Data excerpts:
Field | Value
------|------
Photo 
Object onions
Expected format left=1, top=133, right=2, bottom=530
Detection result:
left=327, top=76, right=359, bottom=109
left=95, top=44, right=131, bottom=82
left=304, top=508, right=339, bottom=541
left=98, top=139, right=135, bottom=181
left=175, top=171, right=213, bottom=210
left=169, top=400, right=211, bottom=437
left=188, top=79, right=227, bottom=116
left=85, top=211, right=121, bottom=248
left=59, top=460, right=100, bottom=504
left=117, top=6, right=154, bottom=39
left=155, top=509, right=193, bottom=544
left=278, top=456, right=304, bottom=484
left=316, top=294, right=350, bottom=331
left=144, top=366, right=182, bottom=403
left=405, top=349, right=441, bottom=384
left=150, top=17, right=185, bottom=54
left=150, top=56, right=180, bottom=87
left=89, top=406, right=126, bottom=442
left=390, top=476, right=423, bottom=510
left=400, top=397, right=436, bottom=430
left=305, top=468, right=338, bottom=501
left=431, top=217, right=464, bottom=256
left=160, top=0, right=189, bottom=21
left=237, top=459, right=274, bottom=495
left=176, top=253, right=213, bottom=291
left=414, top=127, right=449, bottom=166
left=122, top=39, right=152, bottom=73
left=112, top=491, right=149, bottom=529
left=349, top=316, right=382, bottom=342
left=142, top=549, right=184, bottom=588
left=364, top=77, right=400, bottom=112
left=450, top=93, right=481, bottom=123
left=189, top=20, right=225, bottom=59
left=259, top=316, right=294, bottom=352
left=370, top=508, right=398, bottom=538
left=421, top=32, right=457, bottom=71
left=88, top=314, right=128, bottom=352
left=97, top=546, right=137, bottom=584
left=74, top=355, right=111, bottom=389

...

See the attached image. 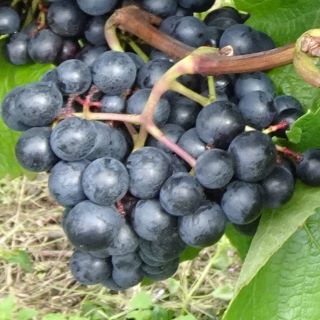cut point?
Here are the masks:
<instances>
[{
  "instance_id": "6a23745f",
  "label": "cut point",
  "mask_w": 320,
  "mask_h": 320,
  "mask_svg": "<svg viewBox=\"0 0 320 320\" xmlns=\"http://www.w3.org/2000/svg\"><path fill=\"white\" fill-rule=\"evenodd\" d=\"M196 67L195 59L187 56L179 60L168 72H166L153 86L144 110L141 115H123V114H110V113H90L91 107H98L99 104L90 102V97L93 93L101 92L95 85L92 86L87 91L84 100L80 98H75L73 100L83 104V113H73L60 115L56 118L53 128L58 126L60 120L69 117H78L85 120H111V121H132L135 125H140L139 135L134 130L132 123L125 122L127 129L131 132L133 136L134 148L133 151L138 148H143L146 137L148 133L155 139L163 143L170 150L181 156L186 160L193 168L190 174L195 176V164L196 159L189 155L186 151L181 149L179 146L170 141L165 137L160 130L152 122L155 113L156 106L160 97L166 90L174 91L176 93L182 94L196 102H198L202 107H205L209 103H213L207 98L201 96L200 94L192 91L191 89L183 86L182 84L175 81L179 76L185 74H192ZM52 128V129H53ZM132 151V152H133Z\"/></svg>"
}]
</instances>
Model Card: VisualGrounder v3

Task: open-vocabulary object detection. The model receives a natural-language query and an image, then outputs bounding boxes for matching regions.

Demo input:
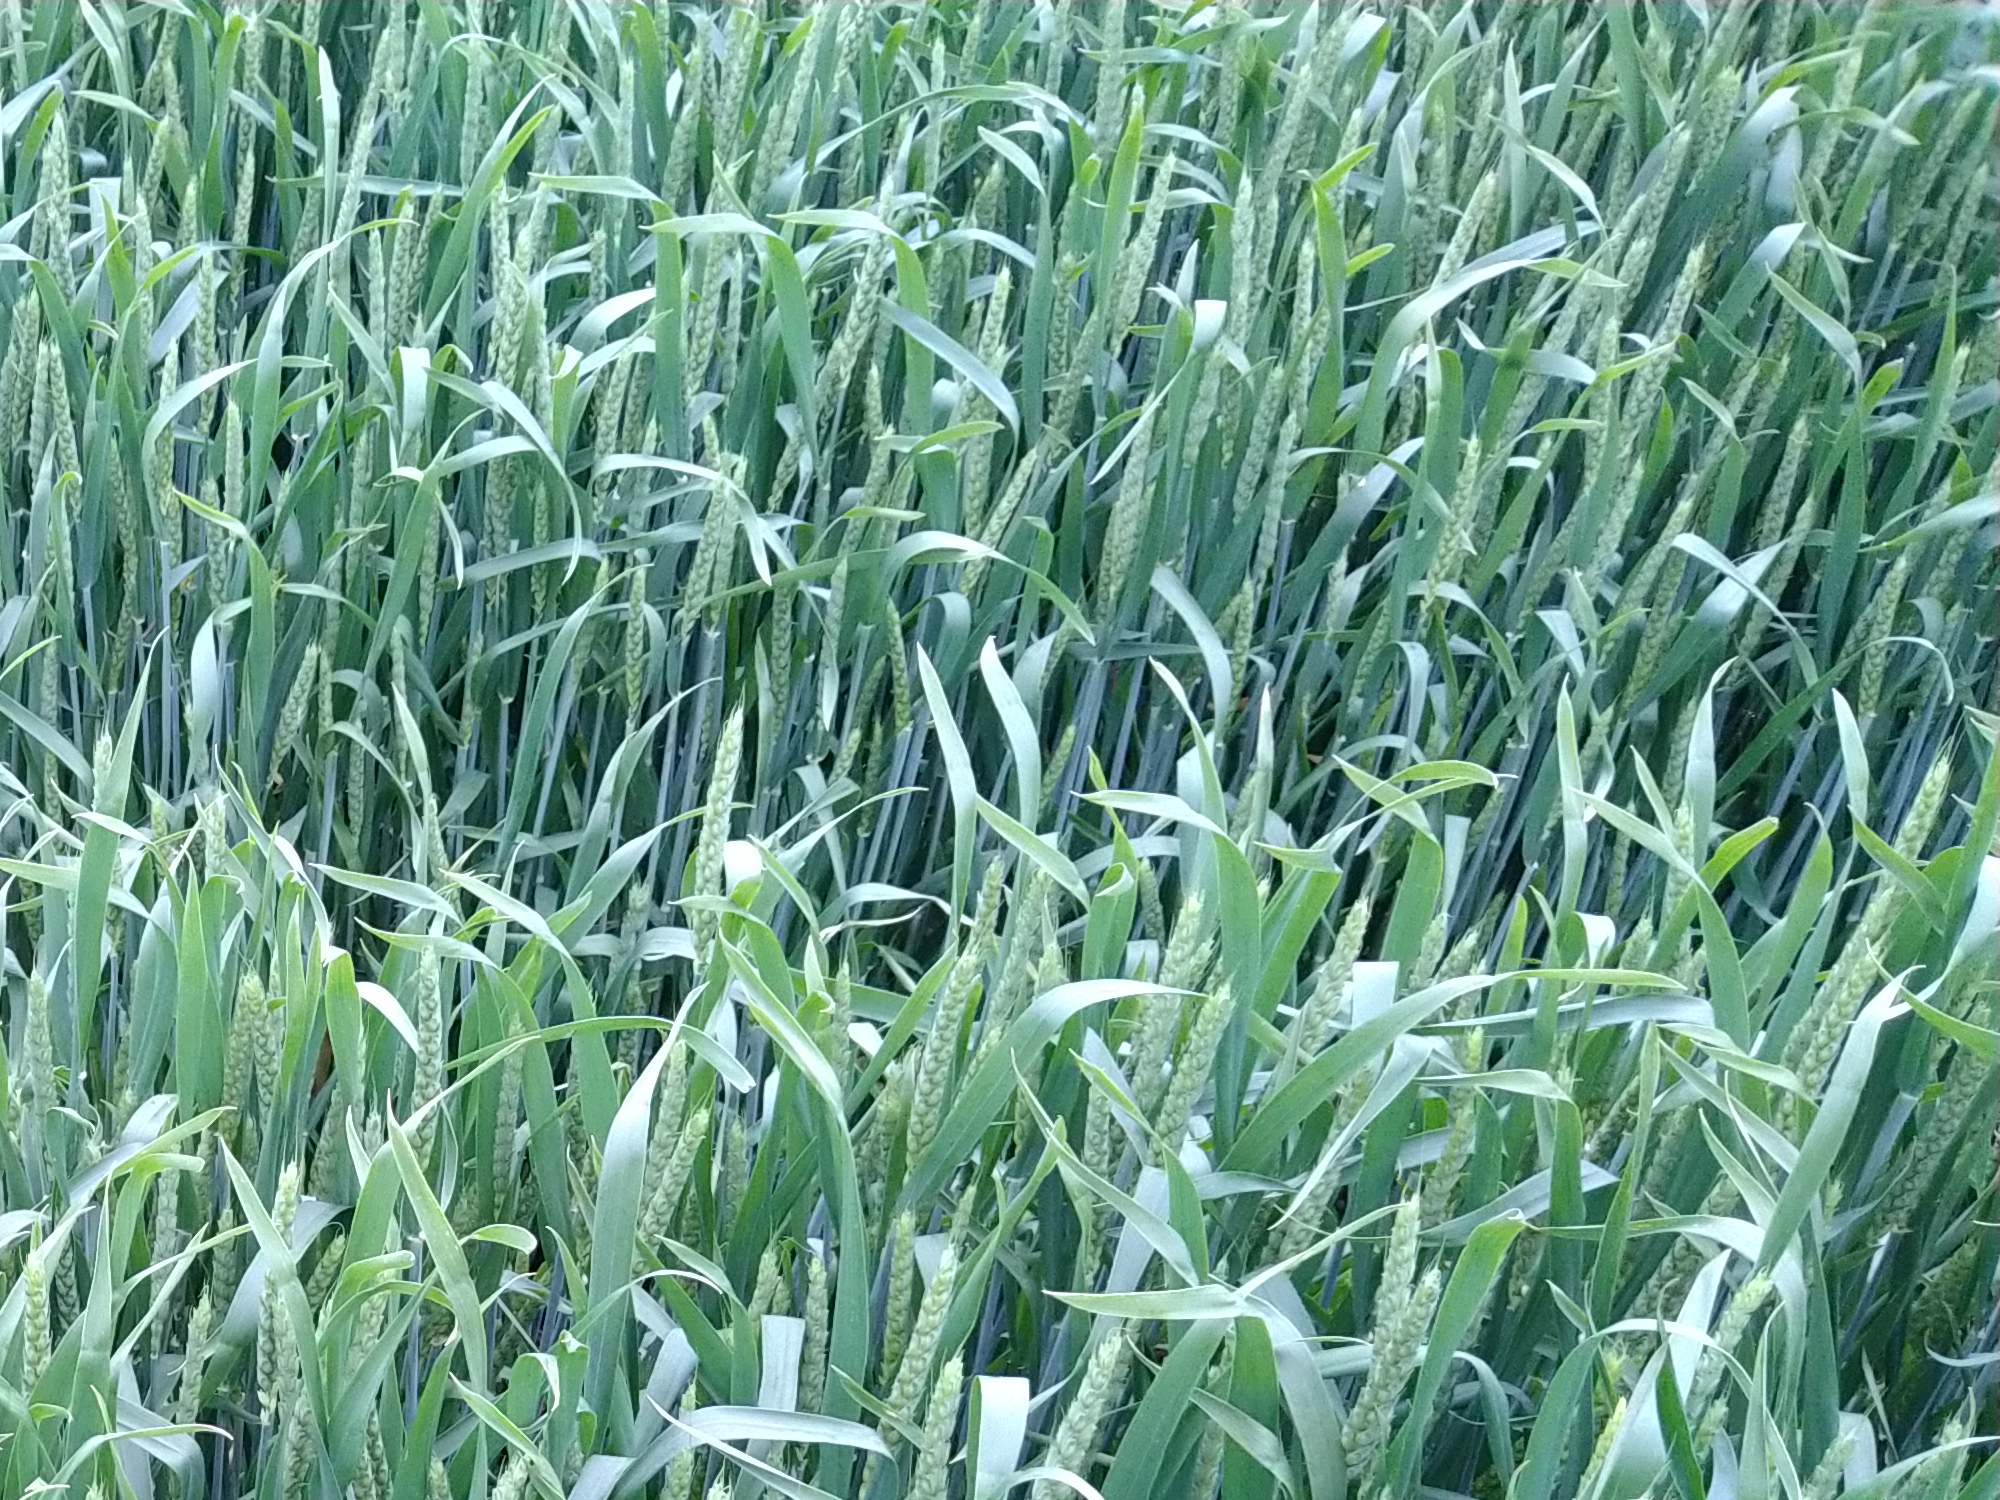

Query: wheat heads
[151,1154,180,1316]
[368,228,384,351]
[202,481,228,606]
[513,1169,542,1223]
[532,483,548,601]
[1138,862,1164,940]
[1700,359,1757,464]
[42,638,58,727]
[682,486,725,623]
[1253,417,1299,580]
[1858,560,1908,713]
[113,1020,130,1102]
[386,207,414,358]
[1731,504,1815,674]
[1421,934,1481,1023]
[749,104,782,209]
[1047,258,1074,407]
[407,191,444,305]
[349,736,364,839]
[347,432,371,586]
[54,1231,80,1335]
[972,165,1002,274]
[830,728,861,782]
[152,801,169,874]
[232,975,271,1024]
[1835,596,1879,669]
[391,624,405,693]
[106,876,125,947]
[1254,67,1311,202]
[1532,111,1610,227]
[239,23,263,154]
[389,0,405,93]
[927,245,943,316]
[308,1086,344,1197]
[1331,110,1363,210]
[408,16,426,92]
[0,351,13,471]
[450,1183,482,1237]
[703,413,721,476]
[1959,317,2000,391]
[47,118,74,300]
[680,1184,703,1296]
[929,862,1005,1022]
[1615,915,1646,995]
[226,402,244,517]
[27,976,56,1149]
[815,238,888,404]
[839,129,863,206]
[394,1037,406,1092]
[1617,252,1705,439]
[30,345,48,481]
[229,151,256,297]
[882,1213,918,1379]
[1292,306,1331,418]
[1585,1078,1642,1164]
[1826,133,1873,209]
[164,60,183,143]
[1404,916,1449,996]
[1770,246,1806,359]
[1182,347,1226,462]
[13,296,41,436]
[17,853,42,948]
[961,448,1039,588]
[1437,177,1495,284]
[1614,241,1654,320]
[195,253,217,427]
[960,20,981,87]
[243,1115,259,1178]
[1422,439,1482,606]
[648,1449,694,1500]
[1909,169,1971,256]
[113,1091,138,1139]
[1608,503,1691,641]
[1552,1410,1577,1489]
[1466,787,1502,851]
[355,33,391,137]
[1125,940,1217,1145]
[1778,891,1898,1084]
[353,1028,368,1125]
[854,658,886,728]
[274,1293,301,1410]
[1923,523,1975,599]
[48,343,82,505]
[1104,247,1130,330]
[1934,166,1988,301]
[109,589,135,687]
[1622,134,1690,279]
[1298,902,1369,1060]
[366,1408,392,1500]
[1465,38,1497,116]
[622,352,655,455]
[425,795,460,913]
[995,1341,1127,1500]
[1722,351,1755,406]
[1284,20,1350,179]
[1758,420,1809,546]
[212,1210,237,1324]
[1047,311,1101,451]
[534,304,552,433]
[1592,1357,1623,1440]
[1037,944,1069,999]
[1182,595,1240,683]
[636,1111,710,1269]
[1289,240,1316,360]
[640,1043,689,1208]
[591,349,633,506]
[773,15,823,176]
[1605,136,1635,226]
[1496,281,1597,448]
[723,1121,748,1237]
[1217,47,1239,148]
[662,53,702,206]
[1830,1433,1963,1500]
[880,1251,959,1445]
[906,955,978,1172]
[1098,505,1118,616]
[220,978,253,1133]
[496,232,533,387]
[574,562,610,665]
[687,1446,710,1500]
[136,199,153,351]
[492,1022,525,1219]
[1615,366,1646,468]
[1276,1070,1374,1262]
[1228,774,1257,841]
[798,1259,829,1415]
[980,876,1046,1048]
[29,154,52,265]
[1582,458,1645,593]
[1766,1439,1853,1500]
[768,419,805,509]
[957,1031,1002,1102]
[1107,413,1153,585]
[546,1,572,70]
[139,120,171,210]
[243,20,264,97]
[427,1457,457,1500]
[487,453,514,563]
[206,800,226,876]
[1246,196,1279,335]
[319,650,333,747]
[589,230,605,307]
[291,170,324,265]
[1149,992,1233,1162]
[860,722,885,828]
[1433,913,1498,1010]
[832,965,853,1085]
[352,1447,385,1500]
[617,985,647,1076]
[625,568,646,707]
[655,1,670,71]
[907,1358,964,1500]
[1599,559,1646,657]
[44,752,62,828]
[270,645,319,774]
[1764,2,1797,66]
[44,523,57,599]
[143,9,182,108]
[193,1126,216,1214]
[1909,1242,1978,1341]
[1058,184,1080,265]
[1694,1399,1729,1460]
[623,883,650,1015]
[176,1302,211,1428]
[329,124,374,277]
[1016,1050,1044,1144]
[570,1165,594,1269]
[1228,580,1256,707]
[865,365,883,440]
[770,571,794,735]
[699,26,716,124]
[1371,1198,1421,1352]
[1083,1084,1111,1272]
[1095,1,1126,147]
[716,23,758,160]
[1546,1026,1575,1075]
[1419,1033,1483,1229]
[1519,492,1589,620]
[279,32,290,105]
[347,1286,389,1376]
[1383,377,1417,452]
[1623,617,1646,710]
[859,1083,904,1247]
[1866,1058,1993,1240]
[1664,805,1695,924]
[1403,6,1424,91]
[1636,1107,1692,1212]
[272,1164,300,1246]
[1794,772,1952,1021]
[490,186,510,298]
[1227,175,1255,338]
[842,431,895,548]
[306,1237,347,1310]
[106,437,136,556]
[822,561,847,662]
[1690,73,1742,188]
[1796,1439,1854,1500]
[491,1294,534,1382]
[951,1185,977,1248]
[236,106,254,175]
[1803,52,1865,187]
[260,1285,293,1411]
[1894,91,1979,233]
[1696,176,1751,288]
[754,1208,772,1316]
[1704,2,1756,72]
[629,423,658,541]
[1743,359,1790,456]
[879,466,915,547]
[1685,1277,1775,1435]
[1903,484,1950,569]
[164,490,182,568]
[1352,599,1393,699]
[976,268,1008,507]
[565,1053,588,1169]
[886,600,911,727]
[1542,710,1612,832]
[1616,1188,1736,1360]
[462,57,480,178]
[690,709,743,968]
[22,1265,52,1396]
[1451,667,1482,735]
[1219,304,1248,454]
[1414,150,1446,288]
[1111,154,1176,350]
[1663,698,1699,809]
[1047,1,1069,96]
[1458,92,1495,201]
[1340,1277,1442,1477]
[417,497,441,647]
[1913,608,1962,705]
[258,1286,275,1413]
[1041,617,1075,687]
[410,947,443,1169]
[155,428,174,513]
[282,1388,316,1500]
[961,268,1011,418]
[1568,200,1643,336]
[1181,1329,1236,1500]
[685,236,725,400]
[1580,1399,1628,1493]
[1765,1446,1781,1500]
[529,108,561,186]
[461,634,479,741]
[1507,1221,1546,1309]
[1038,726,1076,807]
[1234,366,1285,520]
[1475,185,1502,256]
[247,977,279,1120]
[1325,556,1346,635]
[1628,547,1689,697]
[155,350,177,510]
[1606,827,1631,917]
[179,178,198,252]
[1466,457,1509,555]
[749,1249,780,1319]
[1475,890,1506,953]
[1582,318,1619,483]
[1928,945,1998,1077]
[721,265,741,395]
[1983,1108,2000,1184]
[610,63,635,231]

* * *

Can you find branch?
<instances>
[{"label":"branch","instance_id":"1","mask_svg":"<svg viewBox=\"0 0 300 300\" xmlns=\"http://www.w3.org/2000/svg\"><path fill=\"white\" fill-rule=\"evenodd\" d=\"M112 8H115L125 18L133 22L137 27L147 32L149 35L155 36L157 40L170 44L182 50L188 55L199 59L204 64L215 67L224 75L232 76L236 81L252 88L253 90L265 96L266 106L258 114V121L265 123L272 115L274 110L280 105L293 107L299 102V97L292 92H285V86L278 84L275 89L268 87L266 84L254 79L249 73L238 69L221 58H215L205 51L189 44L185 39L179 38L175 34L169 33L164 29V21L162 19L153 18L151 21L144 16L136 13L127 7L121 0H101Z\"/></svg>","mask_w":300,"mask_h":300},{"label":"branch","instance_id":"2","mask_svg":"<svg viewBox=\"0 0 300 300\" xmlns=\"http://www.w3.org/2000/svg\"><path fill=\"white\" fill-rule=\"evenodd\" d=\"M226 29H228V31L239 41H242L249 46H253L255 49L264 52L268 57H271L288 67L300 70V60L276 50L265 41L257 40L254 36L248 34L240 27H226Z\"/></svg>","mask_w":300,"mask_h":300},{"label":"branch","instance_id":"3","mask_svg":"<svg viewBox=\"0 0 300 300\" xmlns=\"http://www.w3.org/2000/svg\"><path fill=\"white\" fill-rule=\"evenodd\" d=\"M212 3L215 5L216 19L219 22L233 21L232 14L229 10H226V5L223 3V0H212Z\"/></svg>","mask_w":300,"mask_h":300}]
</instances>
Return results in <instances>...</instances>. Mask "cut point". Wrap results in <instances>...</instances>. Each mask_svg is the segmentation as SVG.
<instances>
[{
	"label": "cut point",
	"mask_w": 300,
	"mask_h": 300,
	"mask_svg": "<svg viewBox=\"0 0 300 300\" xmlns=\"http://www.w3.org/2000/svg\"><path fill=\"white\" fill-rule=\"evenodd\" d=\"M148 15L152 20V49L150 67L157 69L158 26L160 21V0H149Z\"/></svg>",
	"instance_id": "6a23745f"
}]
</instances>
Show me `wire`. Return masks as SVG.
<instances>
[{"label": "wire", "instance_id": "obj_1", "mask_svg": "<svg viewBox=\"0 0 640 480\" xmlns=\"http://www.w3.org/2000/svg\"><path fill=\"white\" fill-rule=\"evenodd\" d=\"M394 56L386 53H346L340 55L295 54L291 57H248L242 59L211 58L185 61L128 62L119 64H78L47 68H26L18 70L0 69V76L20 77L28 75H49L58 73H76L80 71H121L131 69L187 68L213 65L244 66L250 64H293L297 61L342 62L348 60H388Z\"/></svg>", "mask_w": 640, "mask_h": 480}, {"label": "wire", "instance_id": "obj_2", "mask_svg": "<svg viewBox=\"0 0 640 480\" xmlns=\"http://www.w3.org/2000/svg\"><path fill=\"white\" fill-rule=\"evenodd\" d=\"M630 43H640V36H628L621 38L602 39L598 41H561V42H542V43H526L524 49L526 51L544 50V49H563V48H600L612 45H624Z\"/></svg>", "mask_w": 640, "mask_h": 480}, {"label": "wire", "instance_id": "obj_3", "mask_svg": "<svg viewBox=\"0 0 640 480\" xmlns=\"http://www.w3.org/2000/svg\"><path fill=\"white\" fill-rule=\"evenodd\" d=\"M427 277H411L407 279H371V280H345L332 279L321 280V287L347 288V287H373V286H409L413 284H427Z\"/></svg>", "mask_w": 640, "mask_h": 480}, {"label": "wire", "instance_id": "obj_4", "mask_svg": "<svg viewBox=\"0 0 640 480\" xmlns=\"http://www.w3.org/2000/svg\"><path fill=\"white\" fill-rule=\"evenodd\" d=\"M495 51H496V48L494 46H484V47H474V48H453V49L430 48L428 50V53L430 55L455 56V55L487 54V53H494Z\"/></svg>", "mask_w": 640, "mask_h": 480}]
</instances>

ASSIGNMENT: Search the entries above for the word "branch", and copy every line where it occurs.

EXPECTED ANSWER:
Can you find branch?
[{"label":"branch","instance_id":"1","mask_svg":"<svg viewBox=\"0 0 300 300\" xmlns=\"http://www.w3.org/2000/svg\"><path fill=\"white\" fill-rule=\"evenodd\" d=\"M112 8H115L125 18L133 22L137 27L147 32L149 35L155 36L157 40L170 44L182 50L188 55L199 59L204 64L215 67L224 75L232 76L236 81L252 88L253 90L265 96L266 106L258 114V121L265 123L272 115L274 110L280 105L293 107L299 102V97L292 92H285V86L278 84L275 89L268 87L266 84L254 79L249 73L238 69L221 58H215L205 51L189 44L185 39L179 38L175 34L169 33L164 29V21L162 19L153 18L151 21L144 16L136 13L127 7L121 0H101Z\"/></svg>","mask_w":300,"mask_h":300},{"label":"branch","instance_id":"2","mask_svg":"<svg viewBox=\"0 0 300 300\" xmlns=\"http://www.w3.org/2000/svg\"><path fill=\"white\" fill-rule=\"evenodd\" d=\"M226 29H228V31L239 41H242L249 46H253L255 49L264 52L268 57H271L288 67L300 70V60L276 50L265 41L257 40L254 36L248 34L240 27H226Z\"/></svg>","mask_w":300,"mask_h":300},{"label":"branch","instance_id":"3","mask_svg":"<svg viewBox=\"0 0 300 300\" xmlns=\"http://www.w3.org/2000/svg\"><path fill=\"white\" fill-rule=\"evenodd\" d=\"M212 3L215 5L216 19L219 22L233 21L232 14L229 10H226V5L223 3V0H212Z\"/></svg>","mask_w":300,"mask_h":300}]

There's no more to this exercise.